**Instructions to follow**
Exact repetition, pictures omitted: give every record below again.

-=-=-

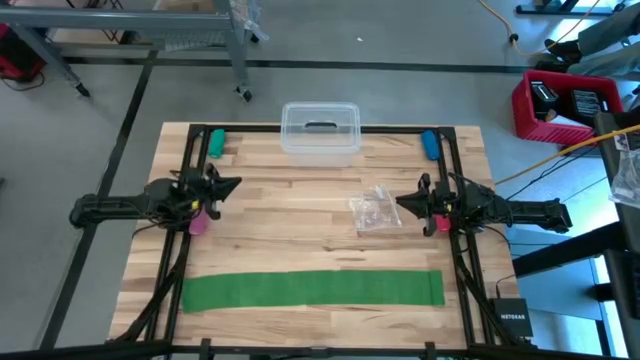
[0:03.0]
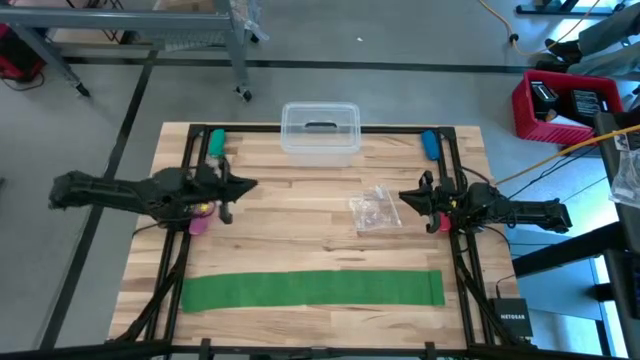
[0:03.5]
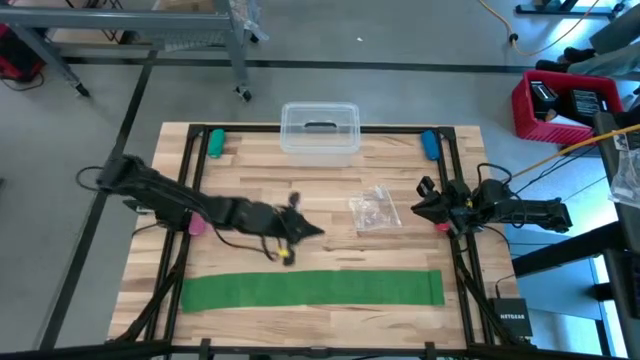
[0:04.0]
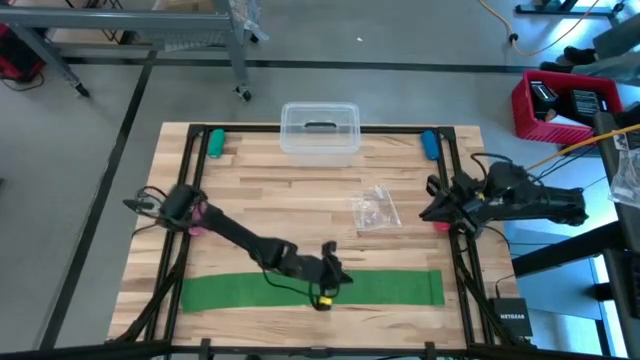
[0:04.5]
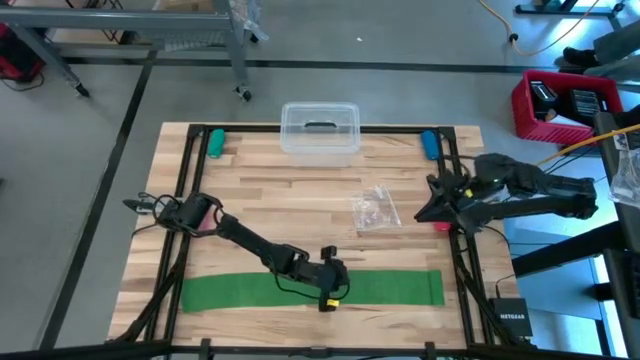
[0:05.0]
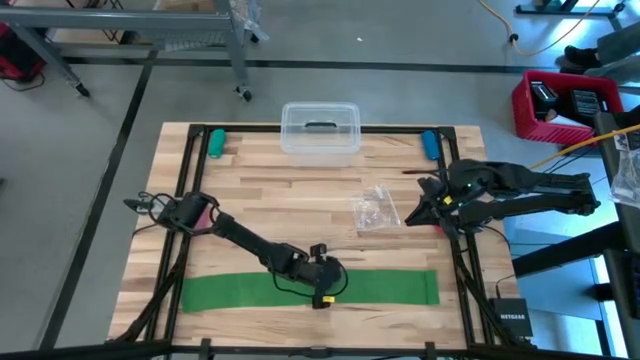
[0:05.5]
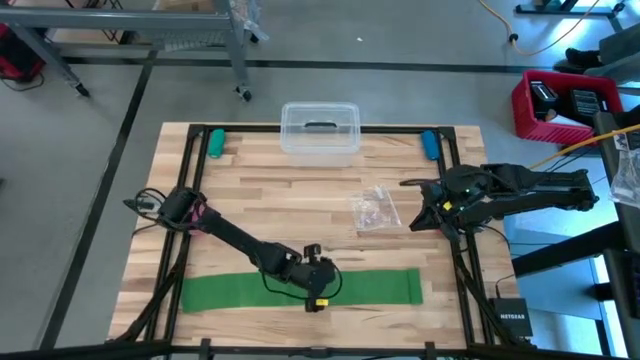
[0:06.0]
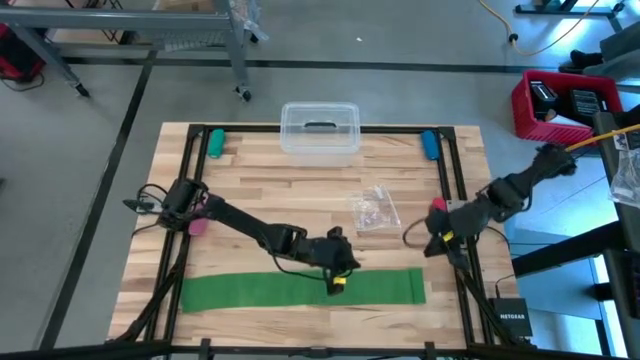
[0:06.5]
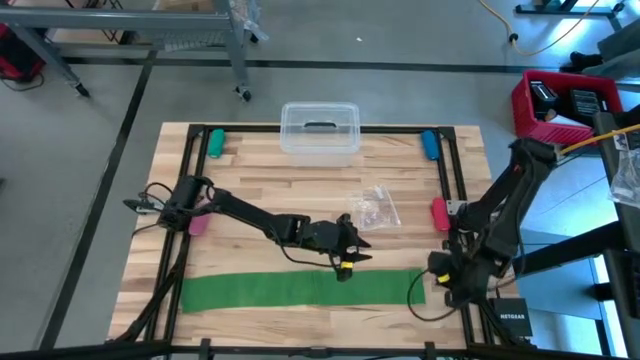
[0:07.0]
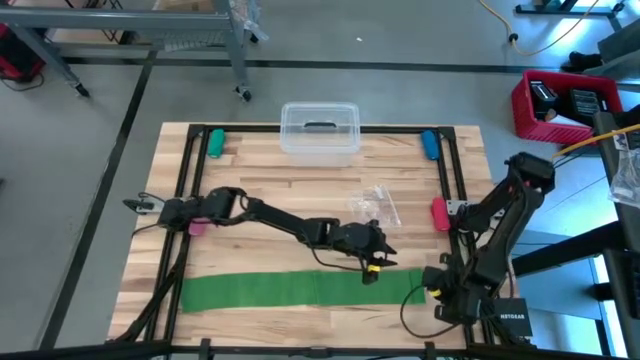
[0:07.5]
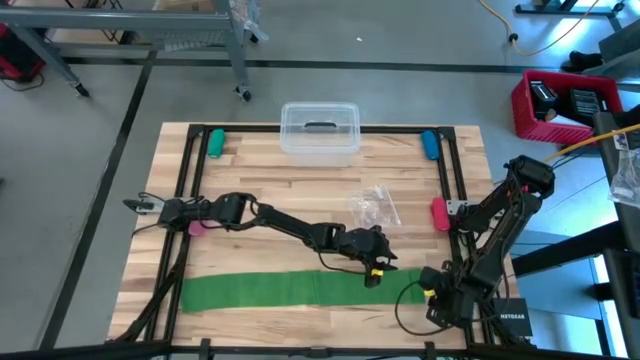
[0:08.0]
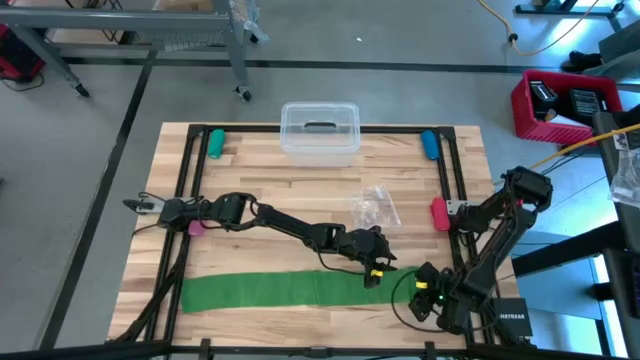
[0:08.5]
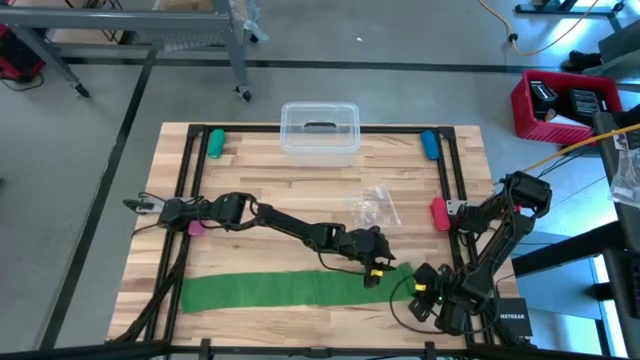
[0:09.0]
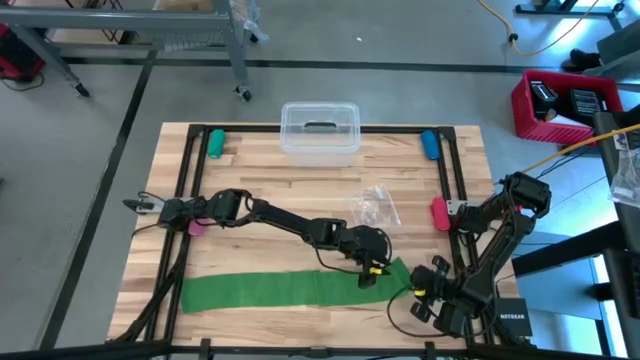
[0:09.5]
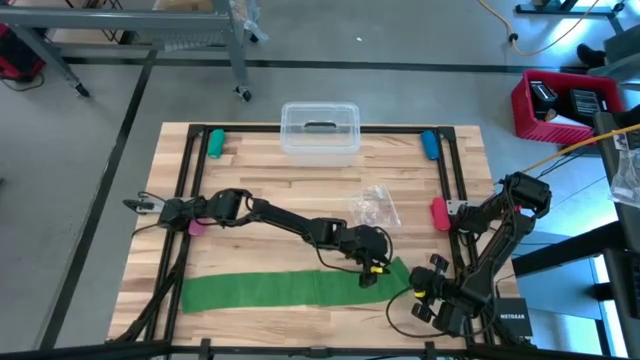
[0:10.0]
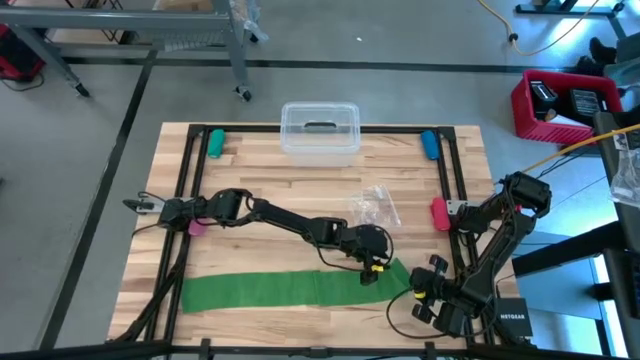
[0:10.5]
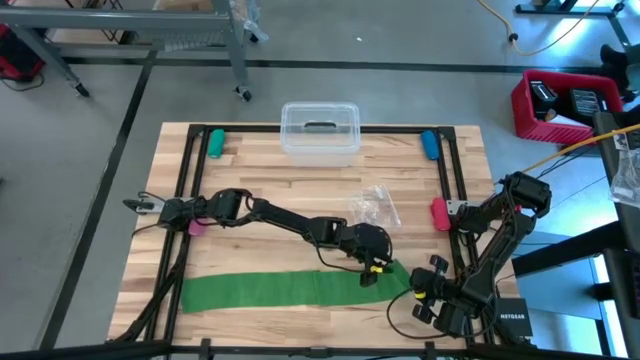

-=-=-

**Exercise output**
[0:03.0]
[0:03.5]
[0:04.0]
[0:04.5]
[0:05.0]
[0:05.5]
[0:06.0]
[0:06.5]
[0:07.0]
[0:07.5]
[0:08.0]
[0:08.5]
[0:09.0]
[0:09.5]
[0:10.0]
[0:10.5]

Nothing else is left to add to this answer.